Knowing you’re running this challenge helps us know whether Advent of Haystack is helping people learn about Haystack 2.0-Beta. But you can always opt out by commenting the following line.

In [2]:
from haystack.telemetry import tutorial_running

tutorial_running("challenge_10")

When we de-serialize a pipeline, all the components are automatically loaded
so we can't pass the api key to the PromptBuilder constructor as usual.
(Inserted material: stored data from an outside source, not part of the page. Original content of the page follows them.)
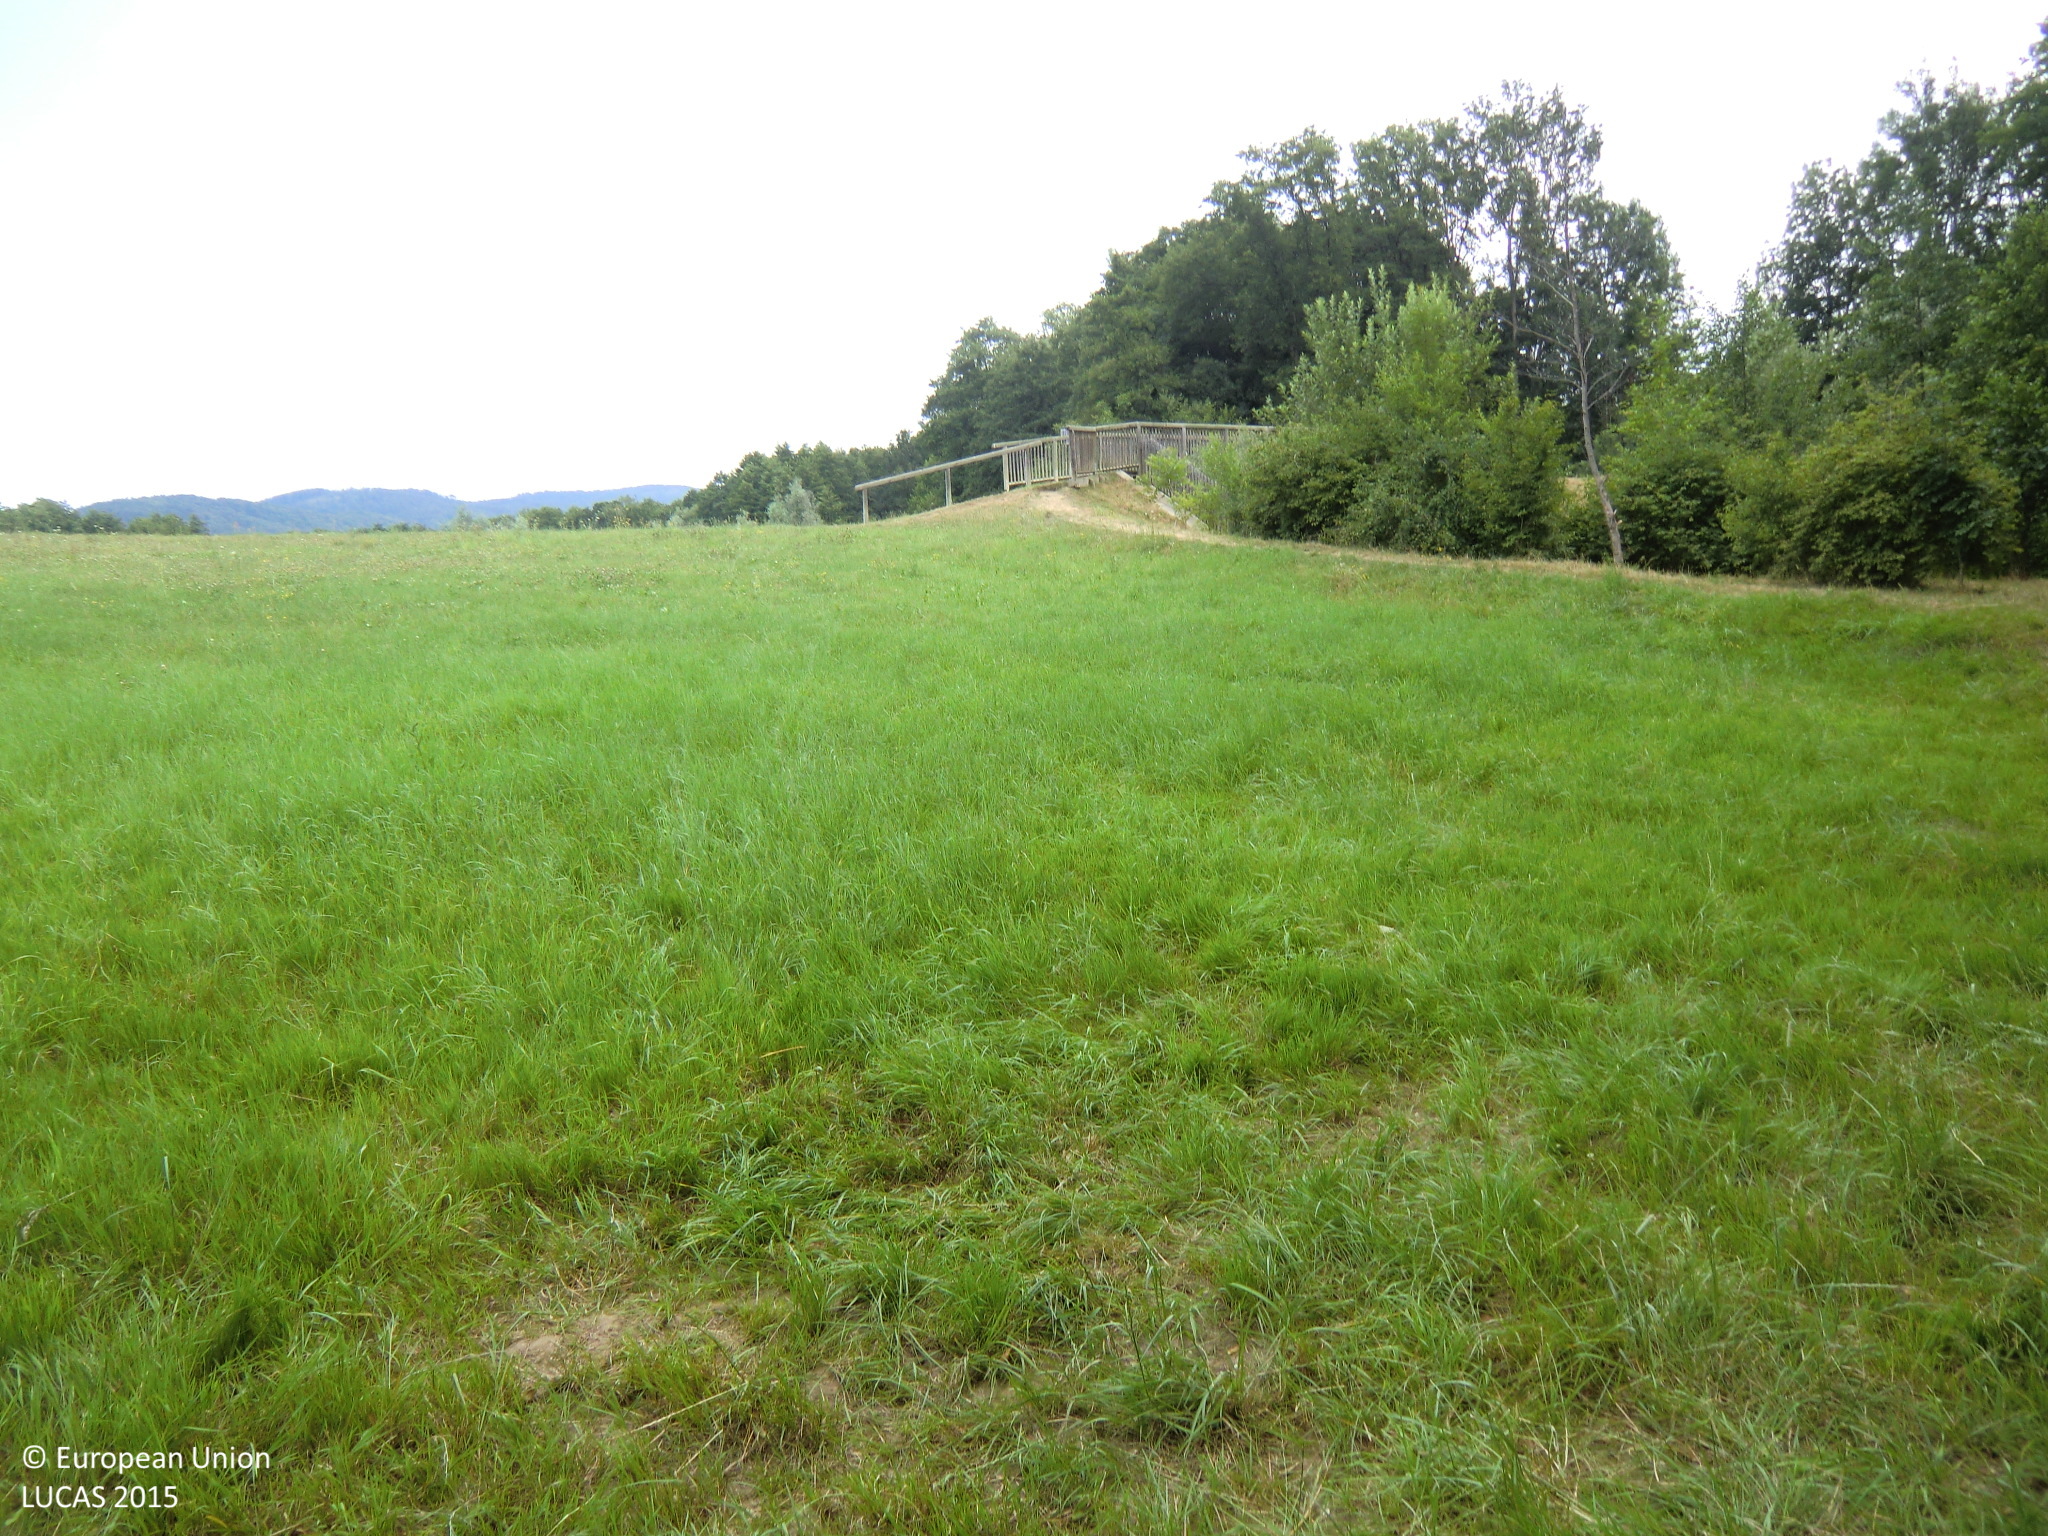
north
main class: Grassland
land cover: Grassland with sparse tree/shrub cover
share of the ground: > 75 %
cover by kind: herbaceous plants 95 %, broadleaved forest trees 5 %
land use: Agriculture (excluding fallow land and kitchen gardens)
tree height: < 5 m
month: July
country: AT
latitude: 47.1163
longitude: 15.4168
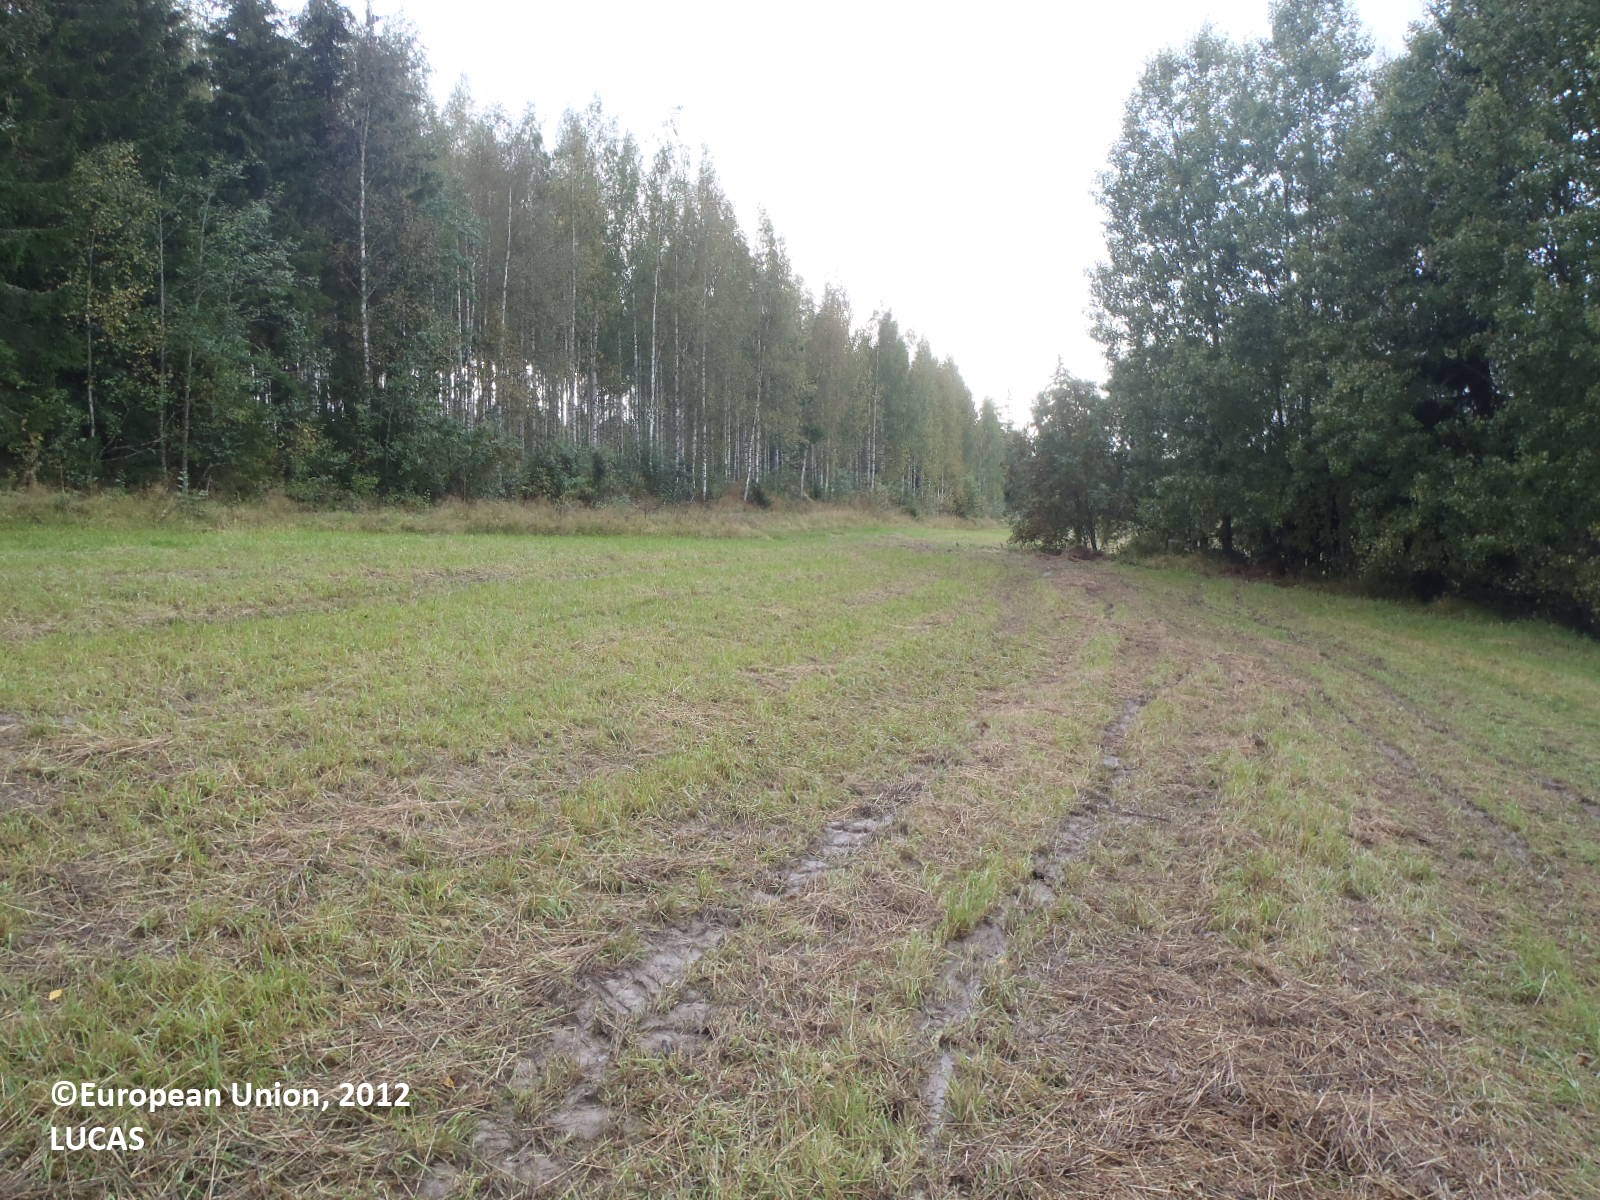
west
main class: Cropland
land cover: Temporary grasslands
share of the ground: > 75 %
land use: Agriculture (excluding fallow land and kitchen gardens)
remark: Harvested field
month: September
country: FI
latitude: 61.5567
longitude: 22.7330
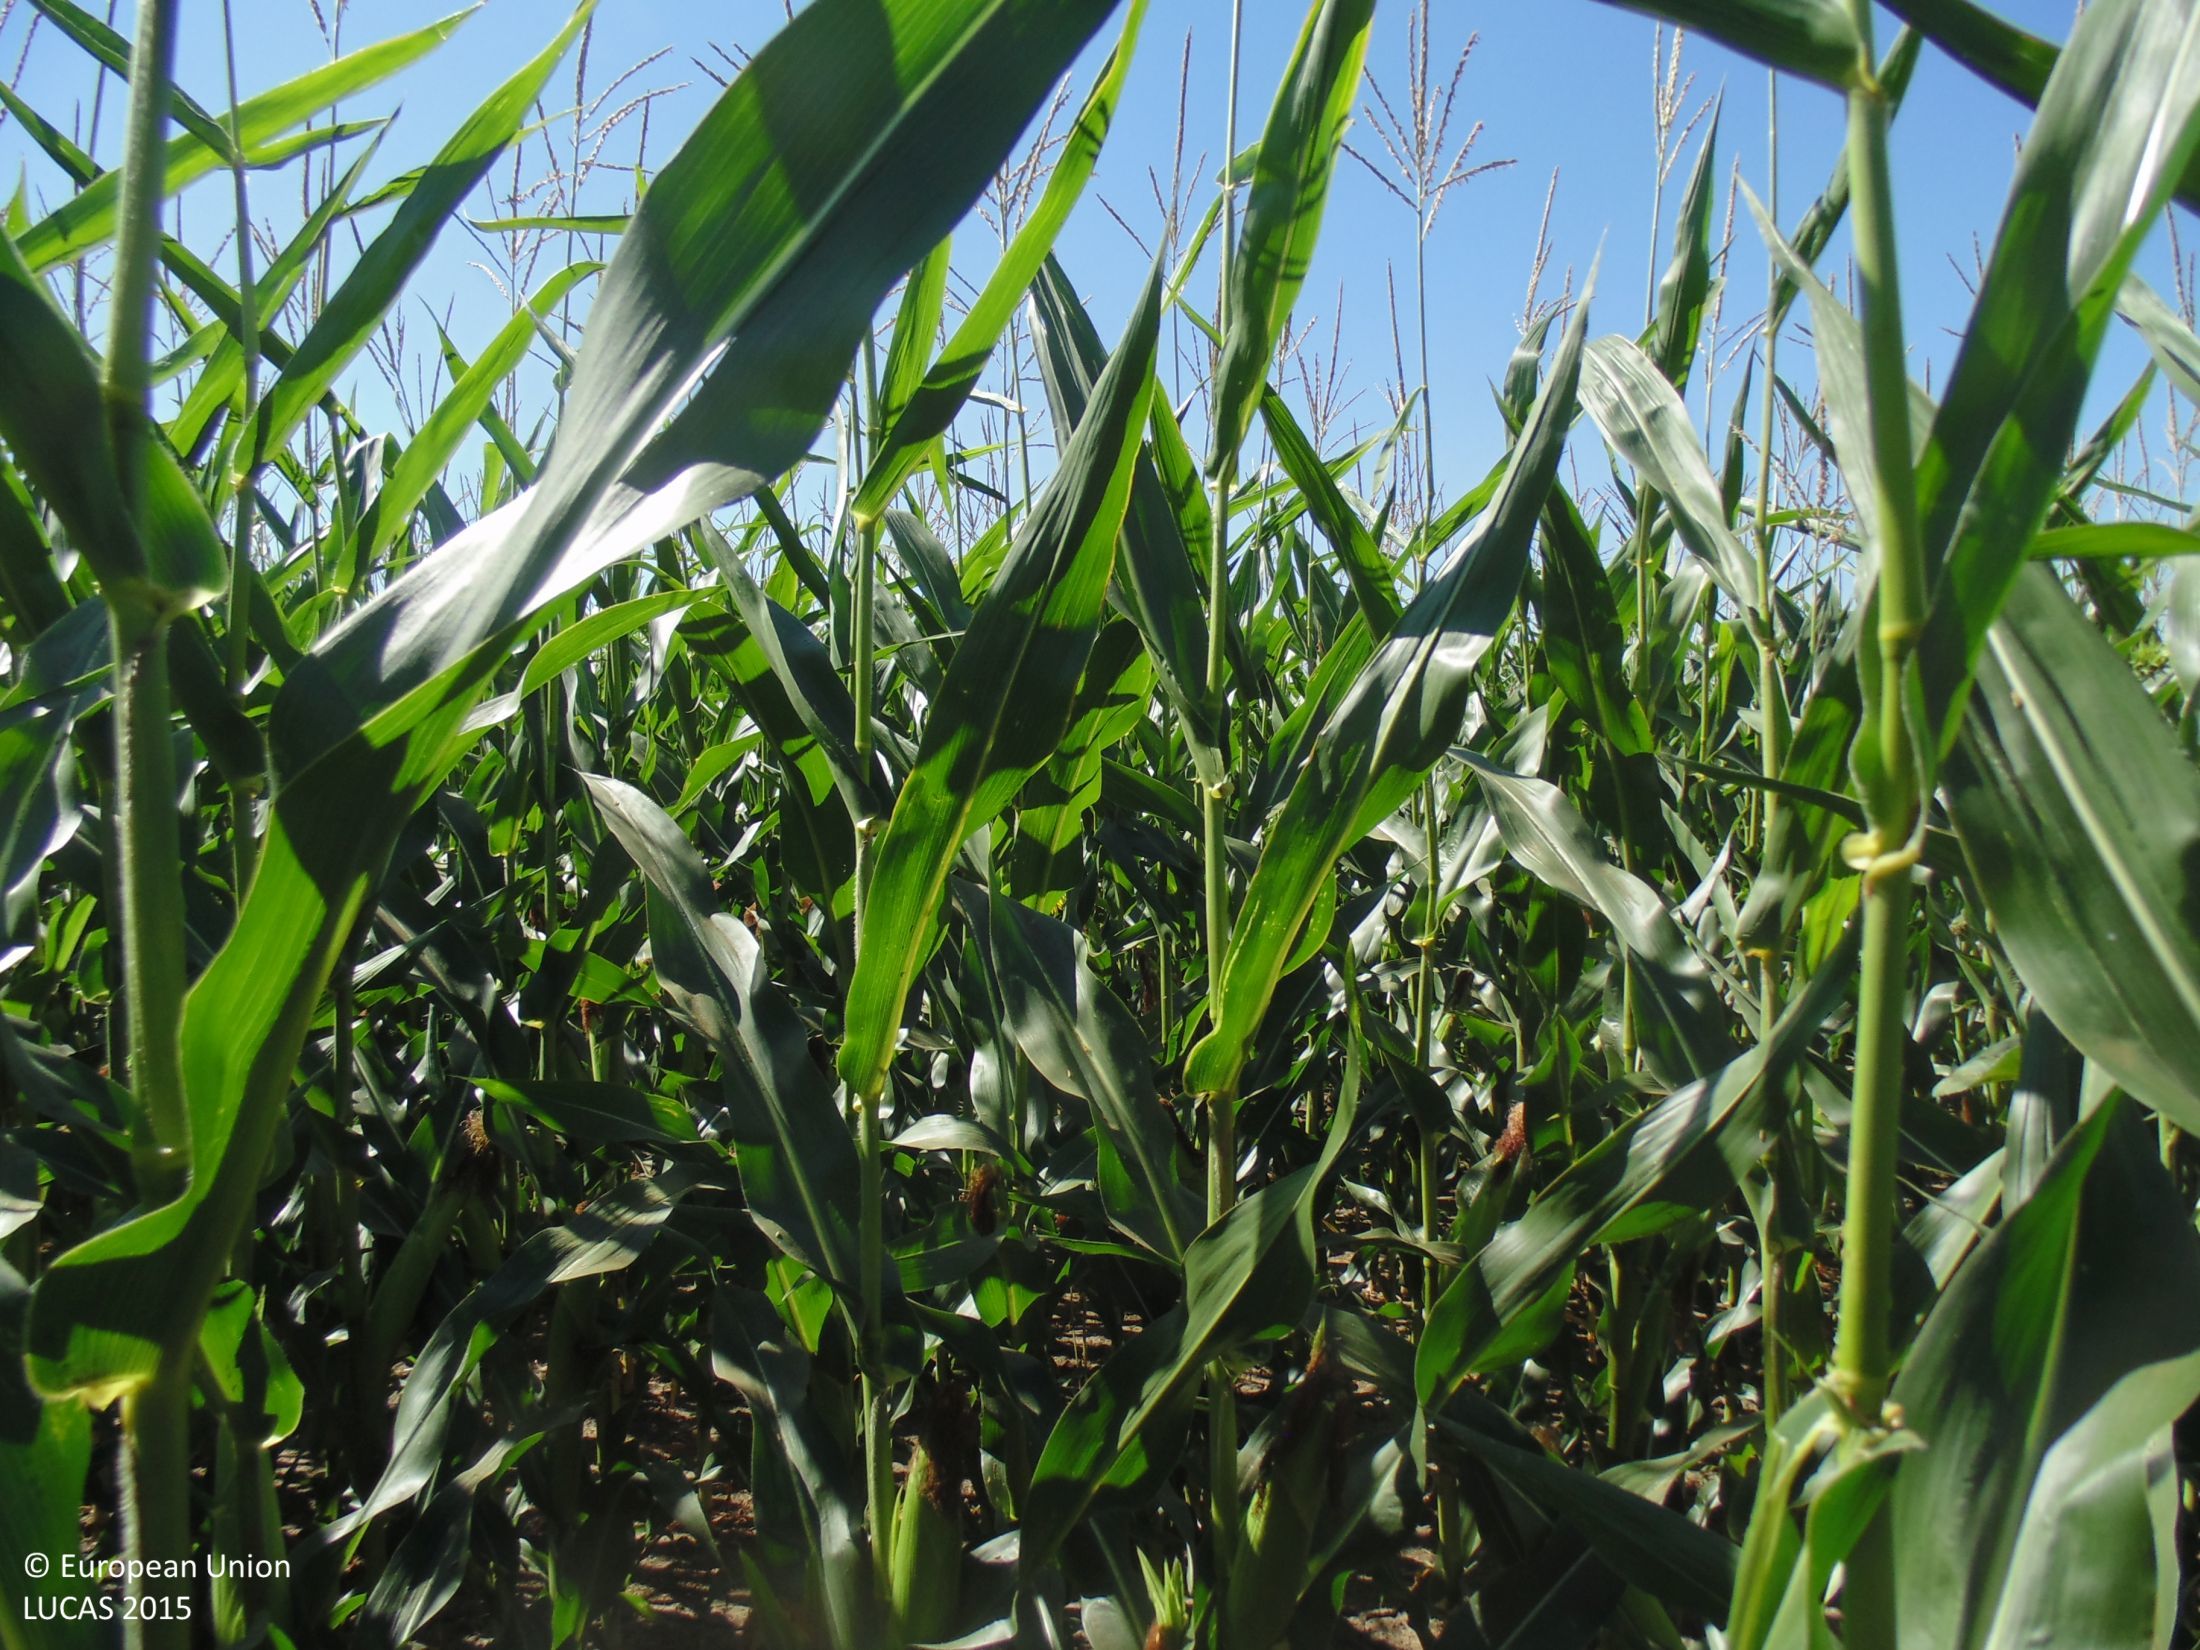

The
best practice is to let the PromptBuilder instance access the special
environment variable `OPENAI_API_KEY` that we set here.

In [3]:
import os
from getpass import getpass

os.environ["OPENAI_API_KEY"] = getpass("Enter OpenAI Api key: ")

Enter OpenAI Api key: ··········


## 2) Create a custom Marshaller


Documentation page for [serialization](https://docs.haystack.deepset.ai/v2.0/docs/serialization)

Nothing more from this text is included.